KD Architecture Literature Review (April 2026)

Key findings from the 2026-04-08 literature survey (stored in docs/reference/kd_architecture_review.md):

Q1: Chronos Feature-based KD - DistilTS (ICASSP 2026, arXiv:2601.12785) is the direct competitor — uses Chronos as frozen zero-shot Teacher with Factorized Temporal Alignment Module - EC aggregate fine-tuning of Chronos is feasible (LoRA, low cost) but yields only aggregate-level peak patterns, not individual household patterns - Best Chronos hidden state extraction layer: final 2-3 encoder layers

Why: DistilTS선점 위험 대응 전략 수립에 필요. Dual-Teacher (GWN+Chronos) 차별화 근거 확보. How to apply: Phase 2 KD 설계 시 Chronos fine-tuning 여부를 실험 변수로 포함. EC 집계 fine-tuning은 개별 가구 Teacher로 불완전함을 주의.

Q2: GWN A_adp Validation - GWN paper itself validates via 5-variant ablation (forward/backward/adaptive combinations) - Trivial detection metrics: column variance, diagonal dominance ratio (>0.7 suspicious), matrix entropy, effective rank - Cross-validation with Pearson correlation matrix is the recommended domain-knowledge check

Why: A_adp가 trivial하면 KD contribution 주장 약화. 논문 contribution 방어에 필수. How to apply: exp-expert에게 50x50 A_adp heatmap + column variance + diagonal dominance ratio 측정 위임.

Q3: EC Multivariate Teacher Candidates - iTransformer (ICLR 2024 Spotlight) is best fit: variate-level tokens allow direct per-household hidden state extraction via enc_out[:, j, :] - GWN (current) vs. iTransformer comparison experiment recommended - arXiv:2502.12175 warns that adding GNN spatial structure to EC load forecasting does not always improve performance

Why: Phase 2 Teacher 선정에 직접 영향. iTransformer를 추가 실험 후보로 등록. How to apply: iTransformer를 EC Teacher 후보로 추가. GWN 대비 PAPE 비교 실험 설계.

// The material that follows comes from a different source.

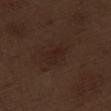No biopsy was performed on this lesion — it was imaged during a full skin examination and was not determined to be concerning. About 3 mm across. Captured under white-light illumination. A male patient aged approximately 70. A lesion tile, about 15 mm wide, cut from a 3D total-body photograph. Located on the left thigh.

Q4: Lightweight Student Models - No standard architecture exists for adjacency-matrix-as-auxiliary-input non-GNN student - Priority ranking: TiDE (adj as static covariate, P1) > TSMixer (channel-mixing + A_adp init, P1) > DLinear (current baseline, P0) > FITS (ultra-lightweight, P2) > PatchTST-small (feature KD, P2) - TSMixer channel-mixing weight initialization with A_adp is a novel, unpublished contribution opportunity - TimeDistill (KDD 2026) validated DLinear, FITS, TSMixer as student models

Why: Student 다양화로 ablation 실험 강화 및 논문 contribution 확보. How to apply: TiDE와 TSMixer를 DLinear 대비 baseline으로 추가. TSMixer+A_adp 초기화를 독자 contribution으로 설계.